EXERCISE PROMPT:
Exact copy, no pictures: reproduce every record below as it stands.

THE DATA:
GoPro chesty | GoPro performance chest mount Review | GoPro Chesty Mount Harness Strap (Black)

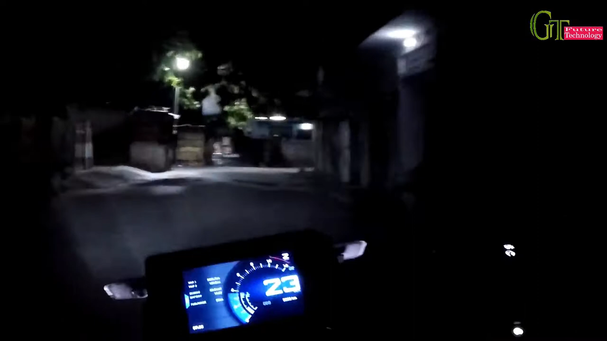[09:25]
रोड मिलकुल साथ देख पा रहे होंगे अब
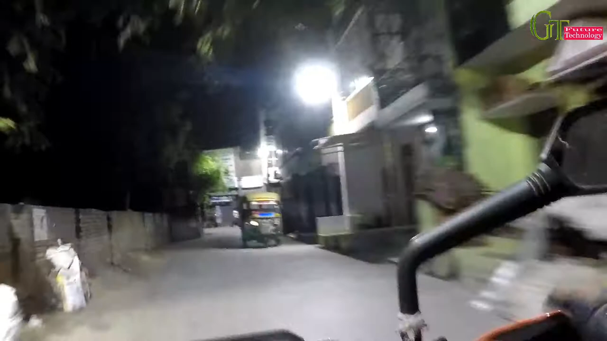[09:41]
कि यह मोदी नगर रेले स्टेशन के करीब हैं हम रेले पाटक से गुजर रहे हैं
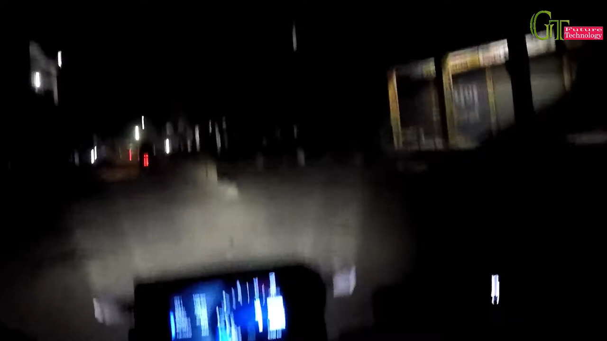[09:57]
रोड की हालत बहुत ही ज्यादा खराब है मोदी नगर में कंस्ट्रक्शन चल रहा इसकी विज़े से
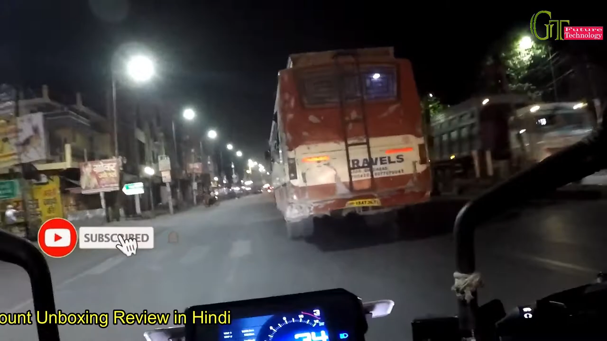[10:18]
और इस ताइम हम रेल्वे स्टेशन रोड चे गुजरने वाले हैं यह मोदी नगर का
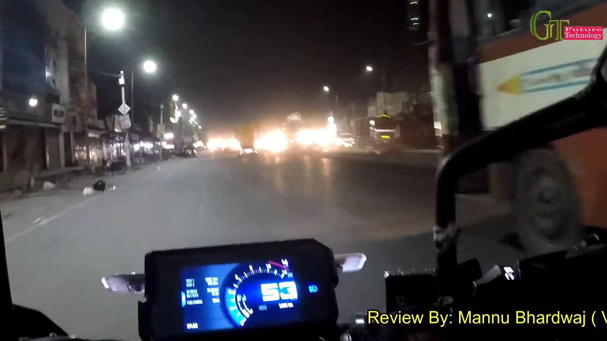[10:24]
रेल्वे स्टेशन है जहां के हम अभी पहुचिने वाले हैं विदिंग फाइफ सेकेंड्स यह मोदी नगर का रेल्वे स्टेशन डोड है और इस ताइम मैं आपको दर्शत करवा रहा हूं अपने गोप्रो
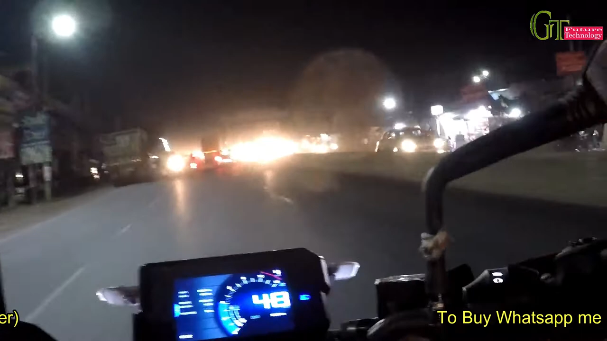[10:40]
जो गोप्रो चैस्टी पर मांट है जिसका मैं अभी आपको डिमस्टेशन दे रहा हूं यह वह लिए जाए जहां के पूजर रहे हैं
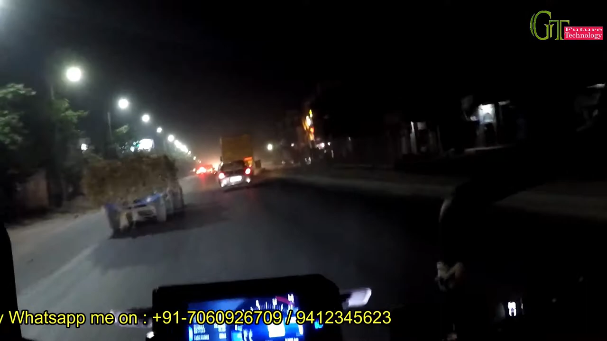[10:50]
तो अब बहुत ही ज्यादा छोटी राइट रखूंगा तो कि यह मैं खाली विलोग इंसले कर रहा हूं जिससे मैं आपको गोप्रो
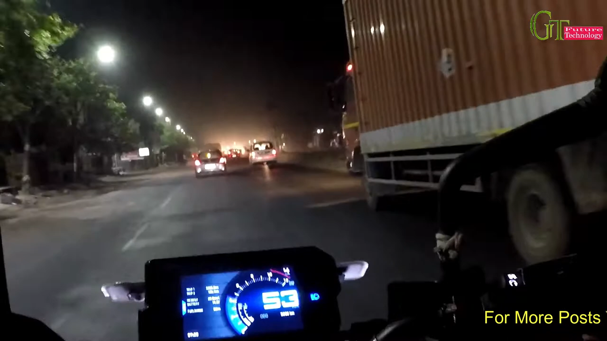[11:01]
जैसे बताया था मैंने आपको यहां पर शुगर के इन फैक्टरी है अपने पिछले विलोग में यहां पर गन्ना जा रहा है तुपर मिल के लिए
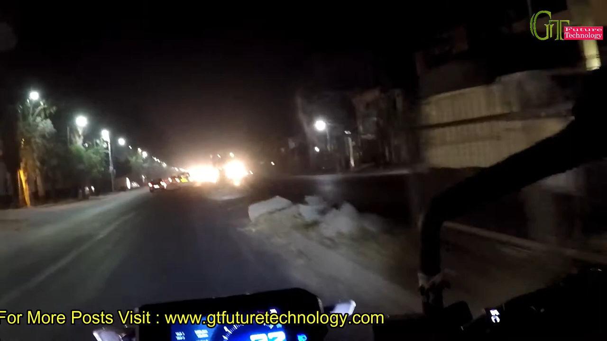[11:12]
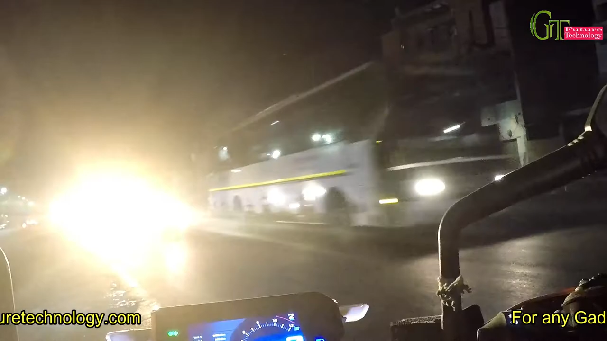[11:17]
दोस्तों अगर राइट का मजा लेना है तो लेट नाइट राइट ज़रूर करनी चाहिए सकतो
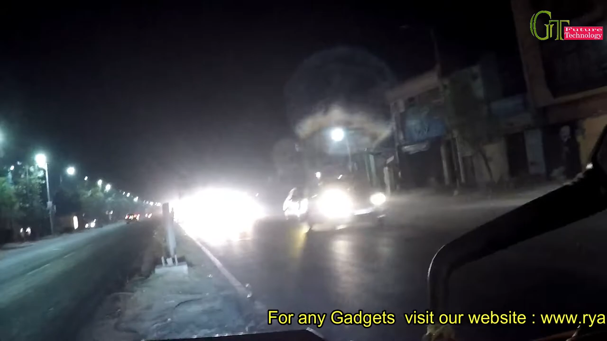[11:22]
राइट के साड़े तस वोजे भी बहुत अच्छा खासा ट्रैफिक यहां पर हमको बिल जाता है
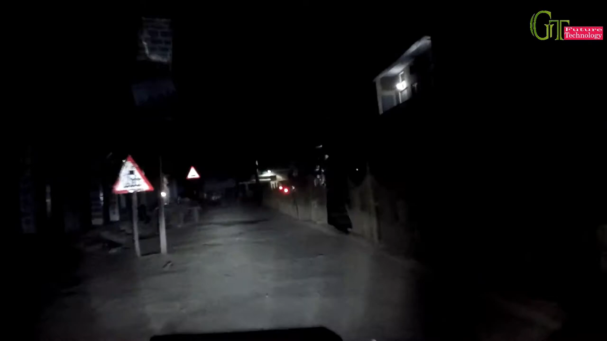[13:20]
कि मोदी नगर से ज्यादा ही खास लगा हुआ है मुझे और यहां की जातर मैंने वीडियो बना रखी है और यह आ गए हम इस ताइम मोदी नगर रेल्वे फाटक पर
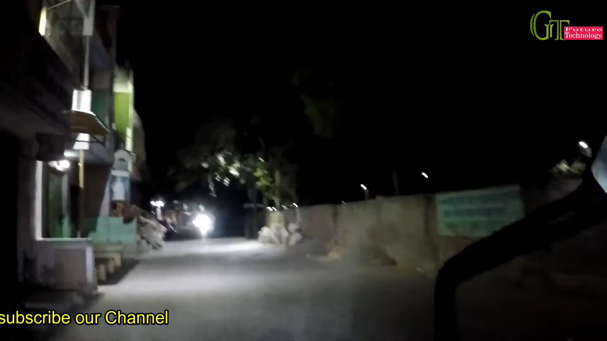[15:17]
दोस्तों यह थी नाइट राइड विद माइ गोपरो चरस्ते और गोपरो अक्षिन कैमरा
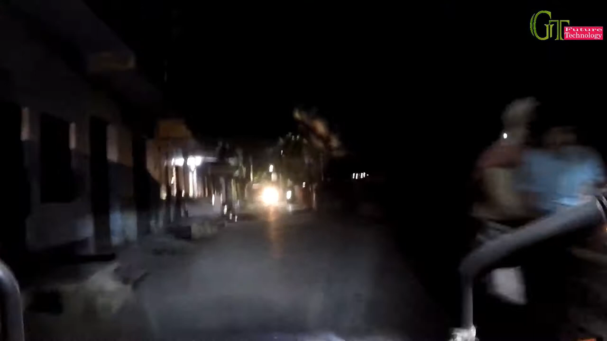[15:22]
और यहां के हालात आप लोगों ने देख लिया होगा कि रोड कैसी होई पड़ी है इस तरीके से यहां पर जाम लगा रहता है चाहे में रोड है चाहे अपना मोधी
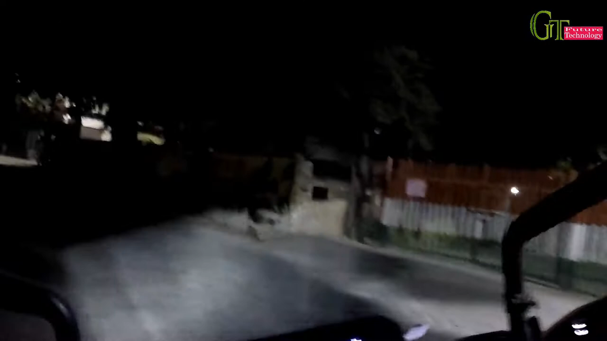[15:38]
नगर कर रेलवे फाटक है यह सारी चीज इस वीडियो गंदर आपको

TASK SOLUTION:
GoPro chesty | GoPro performance chest mount Review | GoPro Chesty Mount Harness Strap (Black)

[09:25]
रोड मिलकुल साथ देख पा रहे होंगे अब
[09:41]
कि यह मोदी नगर रेले स्टेशन के करीब हैं हम रेले पाटक से गुजर रहे हैं
[09:57]
रोड की हालत बहुत ही ज्यादा खराब है मोदी नगर में कंस्ट्रक्शन चल रहा इसकी विज़े से
[10:18]
और इस ताइम हम रेल्वे स्टेशन रोड चे गुजरने वाले हैं यह मोदी नगर का
[10:24]
रेल्वे स्टेशन है जहां के हम अभी पहुचिने वाले हैं विदिंग फाइफ सेकेंड्स यह मोदी नगर का रेल्वे स्टेशन डोड है और इस ताइम मैं आपको दर्शत करवा रहा हूं अपने गोप्रो
[10:40]
जो गोप्रो चैस्टी पर मांट है जिसका मैं अभी आपको डिमस्टेशन दे रहा हूं यह वह लिए जाए जहां के पूजर रहे हैं
[10:50]
तो अब बहुत ही ज्यादा छोटी राइट रखूंगा तो कि यह मैं खाली विलोग इंसले कर रहा हूं जिससे मैं आपको गोप्रो
[11:01]
जैसे बताया था मैंने आपको यहां पर शुगर के इन फैक्टरी है अपने पिछले विलोग में यहां पर गन्ना जा रहा है तुपर मिल के लिए
[11:12]
[11:17]
दोस्तों अगर राइट का मजा लेना है तो लेट नाइट राइट ज़रूर करनी चाहिए सकतो
[11:22]
राइट के साड़े तस वोजे भी बहुत अच्छा खासा ट्रैफिक यहां पर हमको बिल जाता है
[13:20]
कि मोदी नगर से ज्यादा ही खास लगा हुआ है मुझे और यहां की जातर मैंने वीडियो बना रखी है और यह आ गए हम इस ताइम मोदी नगर रेल्वे फाटक पर
[15:17]
दोस्तों यह थी नाइट राइड विद माइ गोपरो चरस्ते और गोपरो अक्षिन कैमरा
[15:22]
और यहां के हालात आप लोगों ने देख लिया होगा कि रोड कैसी होई पड़ी है इस तरीके से यहां पर जाम लगा रहता है चाहे में रोड है चाहे अपना मोधी
[15:38]
नगर कर रेलवे फाटक है यह सारी चीज इस वीडियो गंदर आपको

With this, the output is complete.